MCP Security: Why Nobody Audits AI Agent Permissions
┌──────────────────────┐
│ trust │ control │
├──────────────────────┤
│ ? │ ✓ │
│ magic │ files │
│ agent │ tools │
└──────────────────────┘
personal AI isn’t a trust problem — it’s a control problem. this week’s signals show developers choosing explicit control over magic convenience.
MCP Server Security: The Audit Nobody Does
someone built a risk analysis database for every public MCP server. turns out the thing that makes agents powerful — access to real tools — is also what makes them dangerous.
nobody’s reading the code before installing filesystem access or database MCPs. we trust the vibes. the gap: no good way to sandbox or audit what your AI can actually do. you either trust everything or trust nothing.
strength: ■■■■□
why it matters: personal AI needs a local-first security model. can’t rely on centralized trust when the agent has root access. see also: sandboxing security guide .
Markdown Files Beat AI Memory Features
developers are ditching built-in “memory” features in Claude and ChatGPT. instead: .md files they explicitly reference.

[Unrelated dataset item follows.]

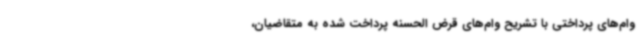
وام‌های پرداختی با تشریح وام‌های قرض الحسنه پرداخت شده به متقاضیان،

quote from HN : “full visibility into what’s in context. no mystery recalls from weeks ago. easier debugging when behavior drifts.”
the pattern: AGENTS.md , project notes, manual context management. more work but actually reliable. people want control over what the AI knows, not magic.
strength: ■■■□□
why it matters: reveals core UX problem. transparent context beats opaque memory. this is why portable identity matters.
Artifact Keeper: Self-Hosted Package Registry (MIT)
dev built an open-source alternative to Artifactory/Nexus in Rust. supports 45+ package formats. security scanning, SSO, replication — all MIT licensed. no enterprise tier, no feature gates, no surprise invoices.
built by someone who “keeps getting pulled into DevOps” and decided to automate the pain away.
strength: ■■■□□
why it matters: pattern emerging — personal infrastructure built by individuals, not bought from SaaS. same energy as self.md: own your stack.
AGENTS.md Maturity: Three Stages of AI Workflow
someone mapped three stages of AI workflow evolution:
- stage 1: static checklist (AGENTS.md with rules)
- stage 2: rules generated from failures (each bug → new rule)
- stage 3: AI proposes its own rules based on patterns (doesn’t exist yet)
quote: “stage 1 rots. nobody updates the checklist. stage 2 scales but feels like teaching a junior dev who never graduates. stage 3 is where we’re headed but isn’t here.”
strength: ■■■■□
why it matters: reveals the meta-problem — we’re still figuring out how to teach AI systems. self.md needs a learning layer.
Vibe Coding Backlash: From Hype to Skepticism
interesting pattern in HN comments: people either love AI coding or think it produces unmaintainable spaghetti. the term “vibe coding” itself is becoming pejorative.
those who succeed: explicit constraints (AGENTS.md, test harnesses, incremental tasks). those who fail: prompt and pray.
strength: ■■□□□
why it matters: signal that the discourse shifted from “does it work” to “how to make it reliable.” maturity phase. tools that solve reliability win.